→ Problem requirements: Please return the records below exactly as they appear, leaving every picture out.

(Dataset items)
=== Section Start ===

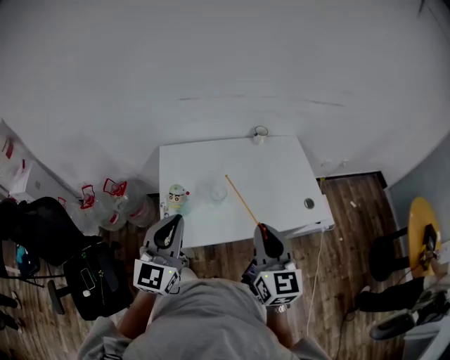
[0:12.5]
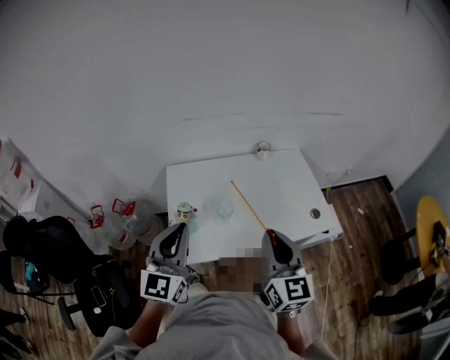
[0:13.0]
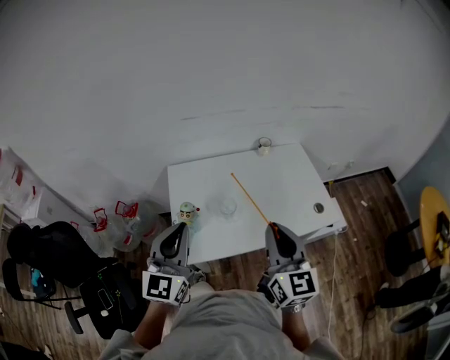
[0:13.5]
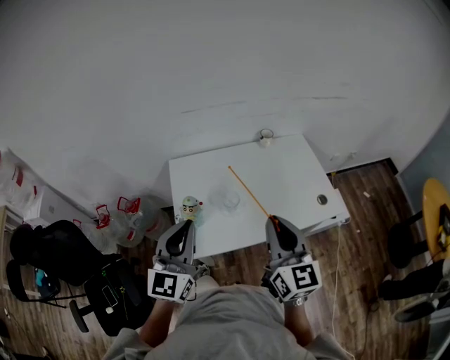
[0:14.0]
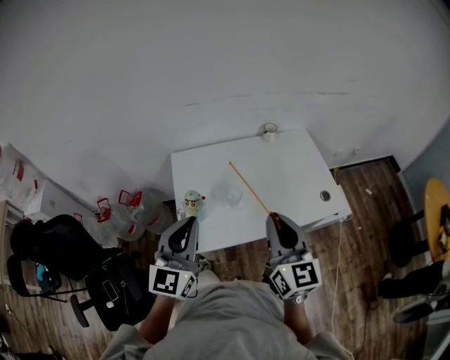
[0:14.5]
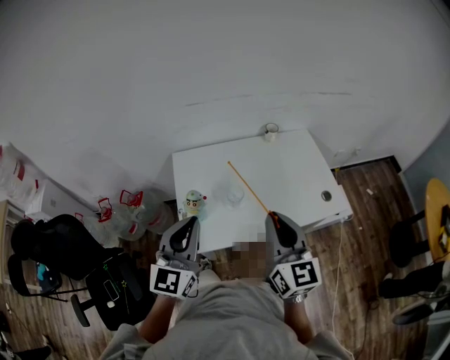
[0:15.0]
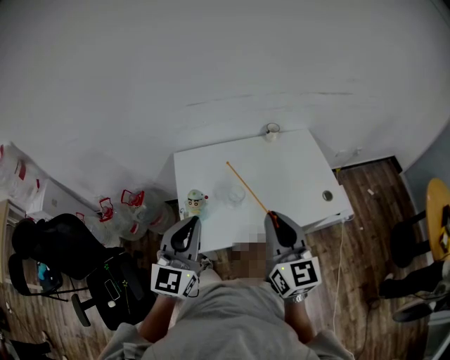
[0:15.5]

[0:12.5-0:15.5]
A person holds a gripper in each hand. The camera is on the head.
0:12.5 to 0:15.5: The grippers stay close to where they were, moving slightly.

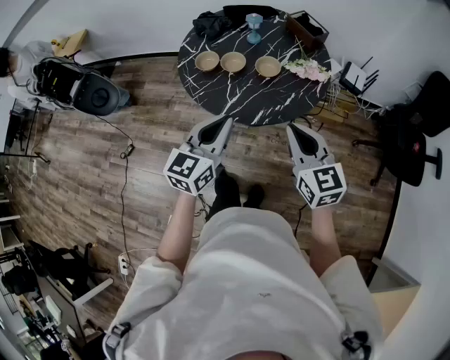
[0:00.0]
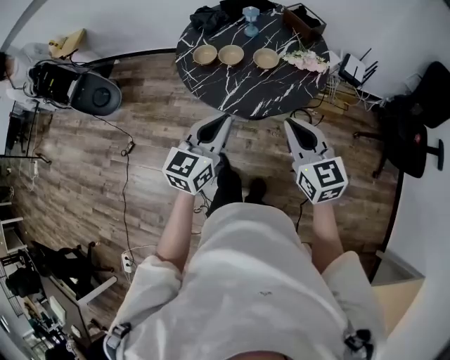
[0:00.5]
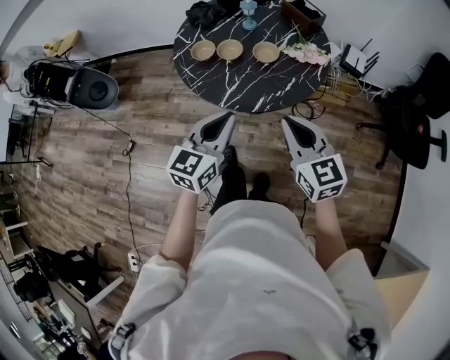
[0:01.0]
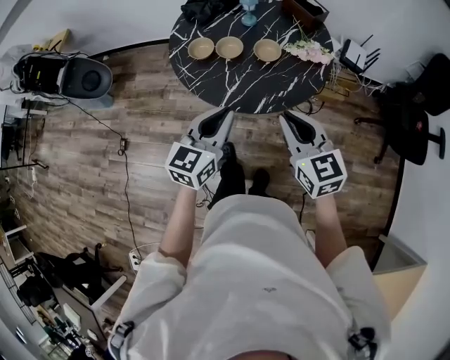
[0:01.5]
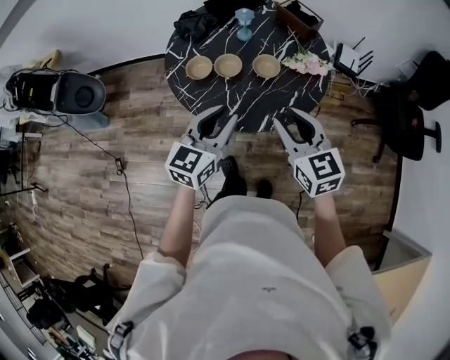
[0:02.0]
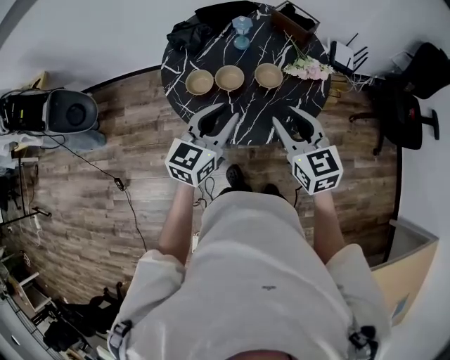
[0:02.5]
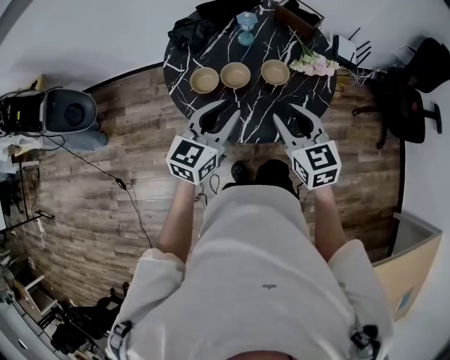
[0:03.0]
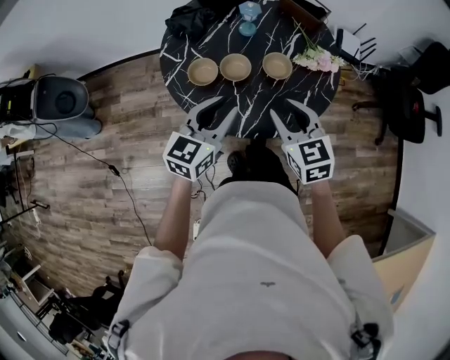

=== Section End ===

→ Task solution:
[0:12.5]
[0:13.0]
[0:13.5]
[0:14.0]
[0:14.5]
[0:15.0]
[0:15.5]

[0:12.5-0:15.5]
A person holds a gripper in each hand. The camera is on the head.
0:12.5 to 0:15.5: The grippers stay close to where they were, moving slightly.

[0:00.0]
[0:00.5]
[0:01.0]
[0:01.5]
[0:02.0]
[0:02.5]
[0:03.0]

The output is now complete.